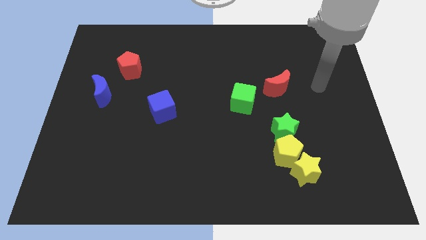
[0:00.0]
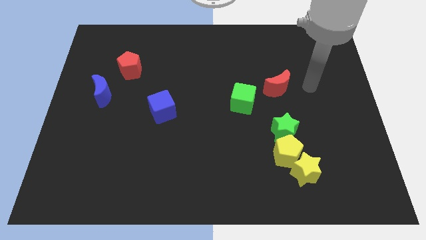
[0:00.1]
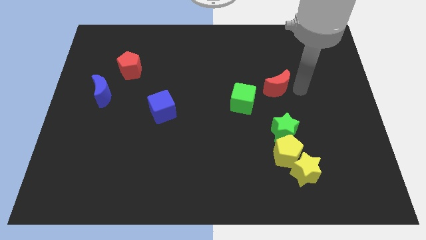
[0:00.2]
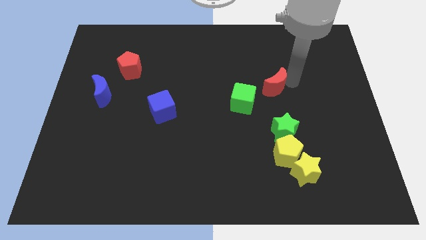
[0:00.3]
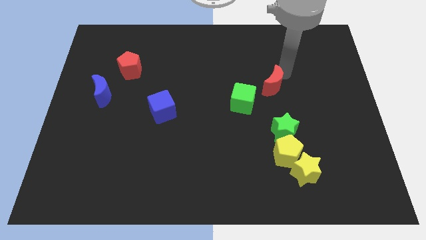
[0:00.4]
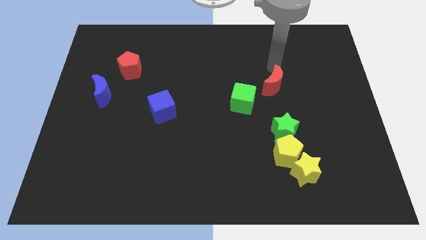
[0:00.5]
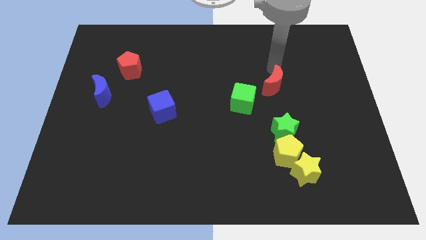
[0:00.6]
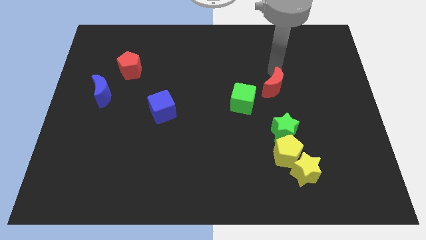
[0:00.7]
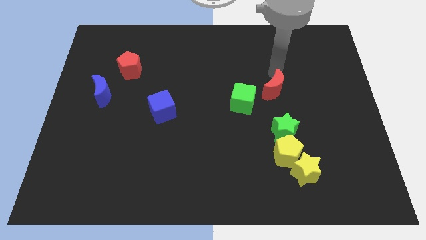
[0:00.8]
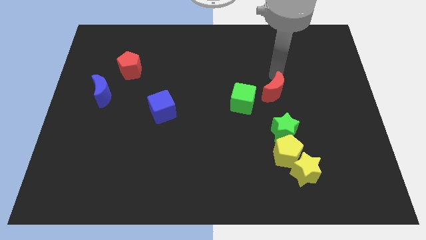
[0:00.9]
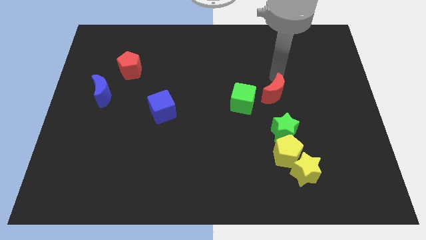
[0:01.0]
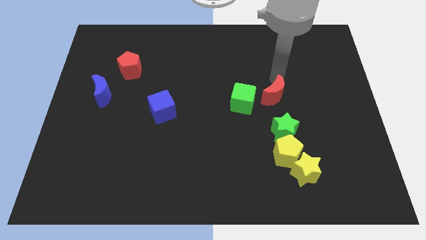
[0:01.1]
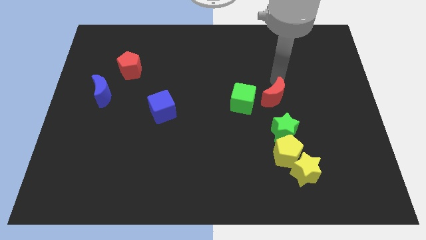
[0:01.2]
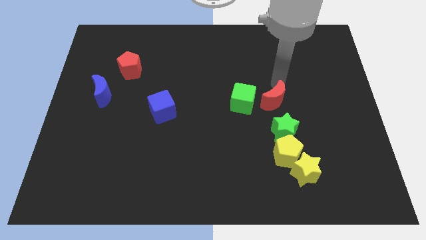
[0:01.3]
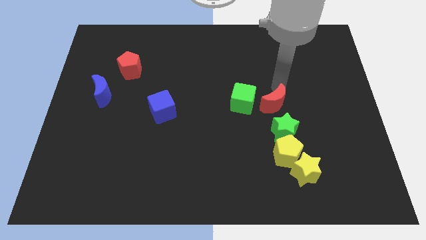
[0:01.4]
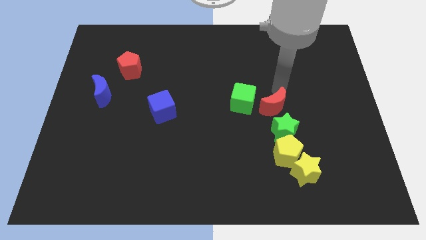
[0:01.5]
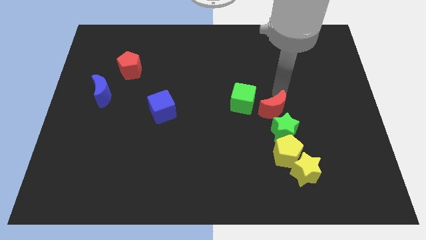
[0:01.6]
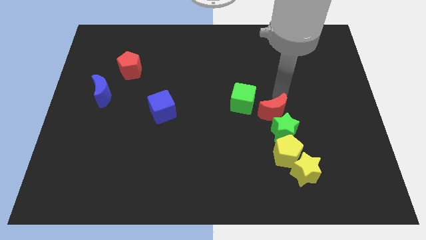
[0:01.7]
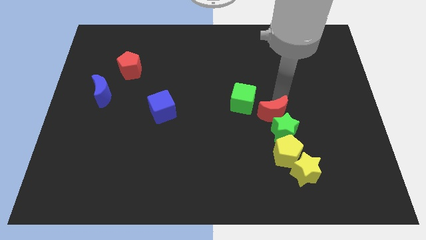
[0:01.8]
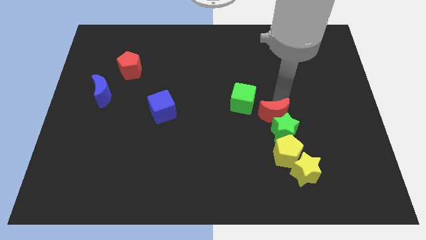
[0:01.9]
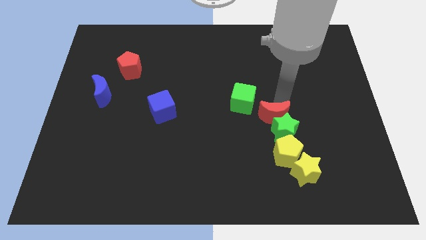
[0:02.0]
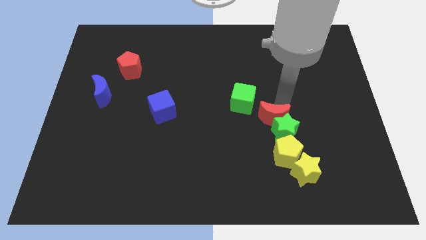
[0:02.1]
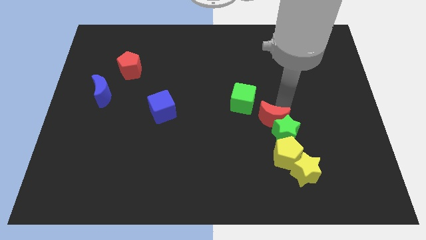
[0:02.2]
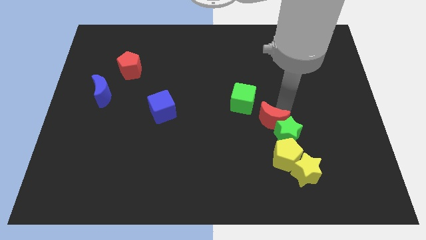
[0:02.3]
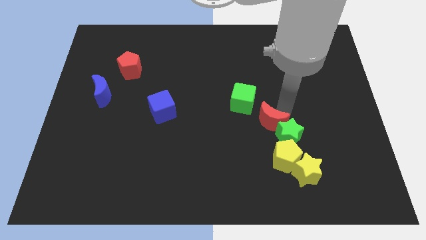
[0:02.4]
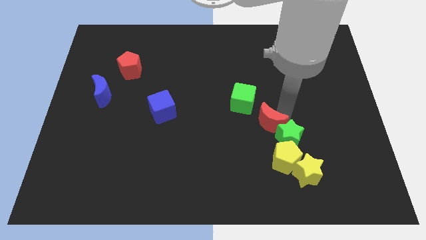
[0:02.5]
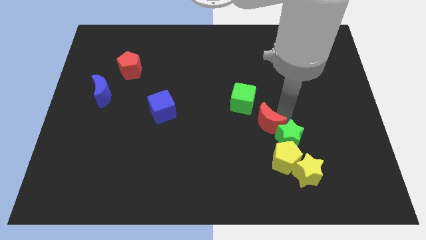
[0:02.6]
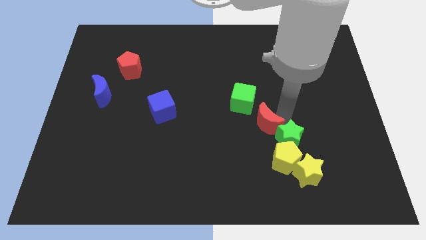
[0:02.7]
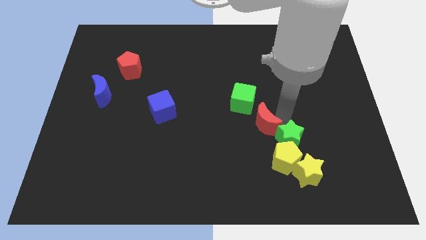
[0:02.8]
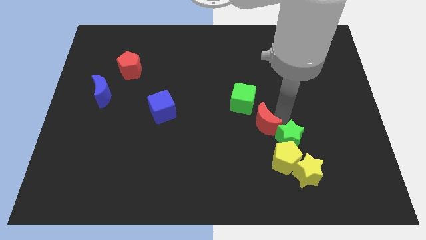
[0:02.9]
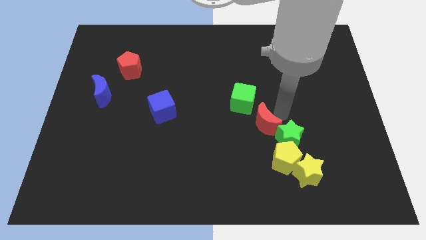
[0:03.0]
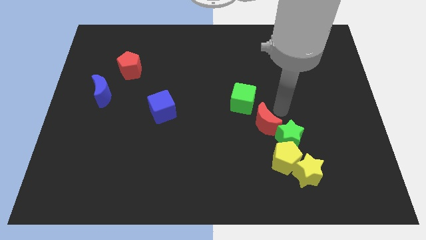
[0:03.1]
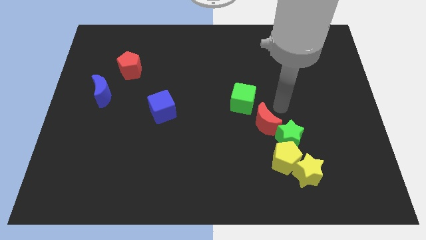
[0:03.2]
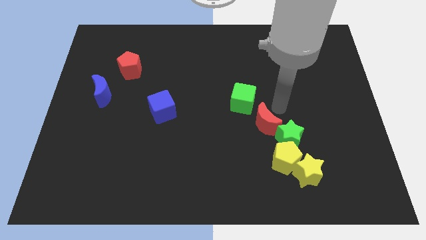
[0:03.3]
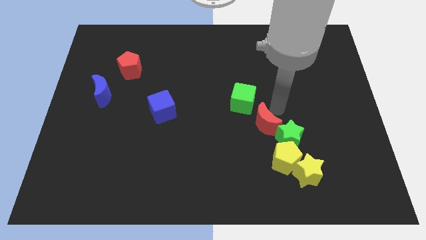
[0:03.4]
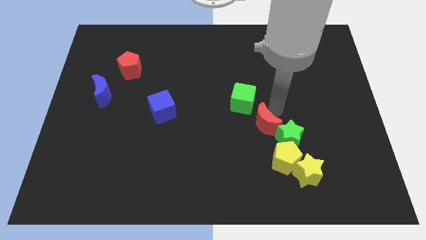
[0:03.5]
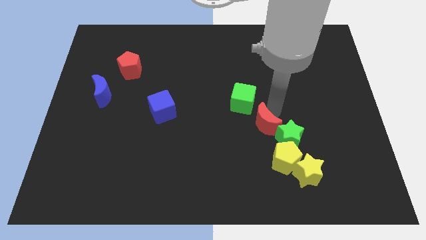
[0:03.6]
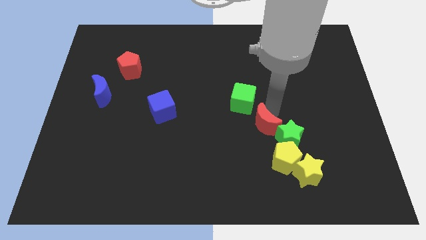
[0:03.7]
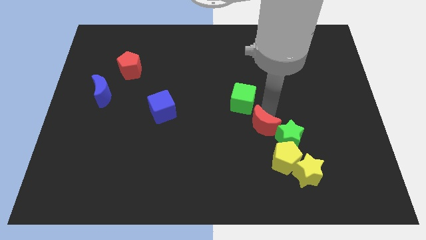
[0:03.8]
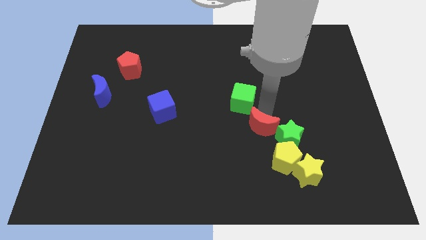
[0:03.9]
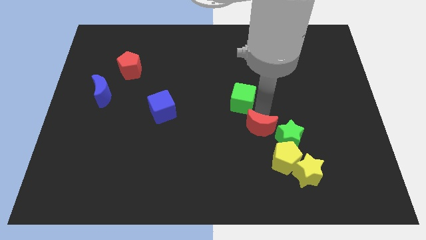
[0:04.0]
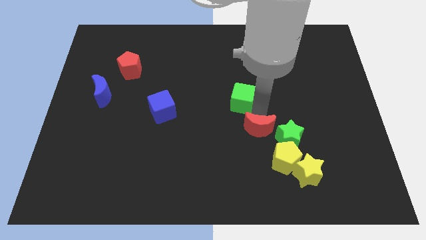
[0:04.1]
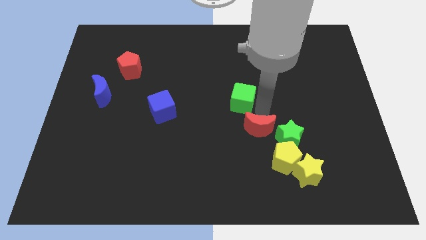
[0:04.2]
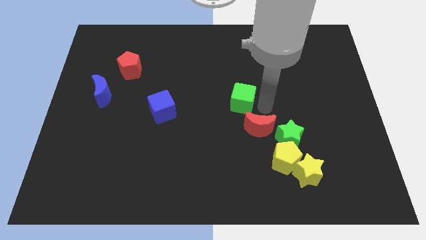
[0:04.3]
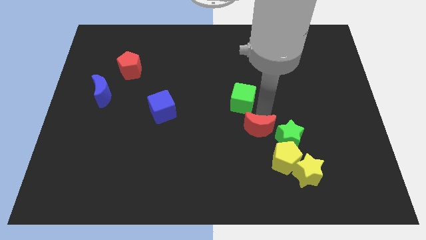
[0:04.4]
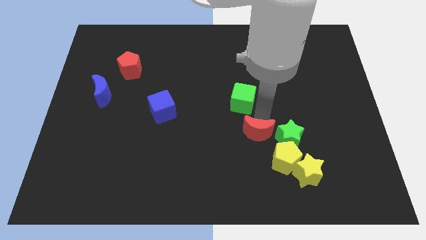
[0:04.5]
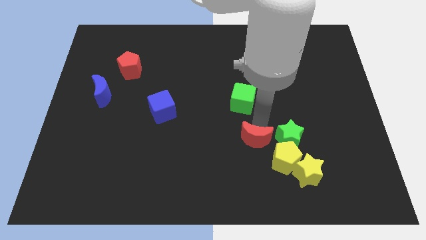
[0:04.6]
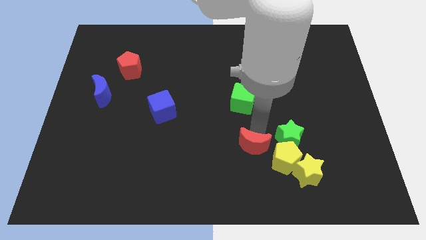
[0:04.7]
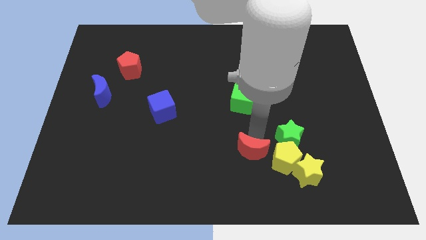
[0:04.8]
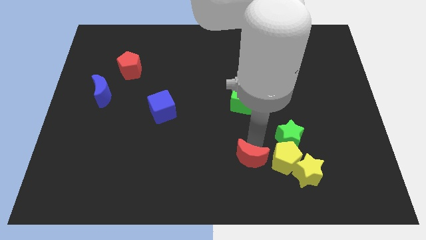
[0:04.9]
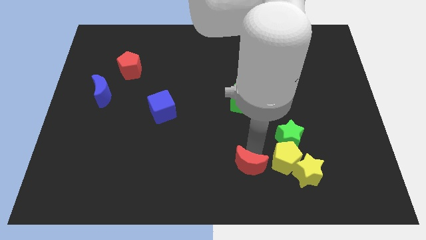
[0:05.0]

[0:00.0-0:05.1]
put the red moon to the bottom side
┄┄┄┄┄┄┄┄┄┄┄┄┄┄┄┄┄┄┄┄
§ **Problem requirements**
Skip the images and restate each record above word for word.

§ **Result of the task**
[0:00.0]
[0:00.1]
[0:00.2]
[0:00.3]
[0:00.4]
[0:00.5]
[0:00.6]
[0:00.7]
[0:00.8]
[0:00.9]
[0:01.0]
[0:01.1]
[0:01.2]
[0:01.3]
[0:01.4]
[0:01.5]
[0:01.6]
[0:01.7]
[0:01.8]
[0:01.9]
[0:02.0]
[0:02.1]
[0:02.2]
[0:02.3]
[0:02.4]
[0:02.5]
[0:02.6]
[0:02.7]
[0:02.8]
[0:02.9]
[0:03.0]
[0:03.1]
[0:03.2]
[0:03.3]
[0:03.4]
[0:03.5]
[0:03.6]
[0:03.7]
[0:03.8]
[0:03.9]
[0:04.0]
[0:04.1]
[0:04.2]
[0:04.3]
[0:04.4]
[0:04.5]
[0:04.6]
[0:04.7]
[0:04.8]
[0:04.9]
[0:05.0]

[0:00.0-0:05.1]
put the red moon to the bottom side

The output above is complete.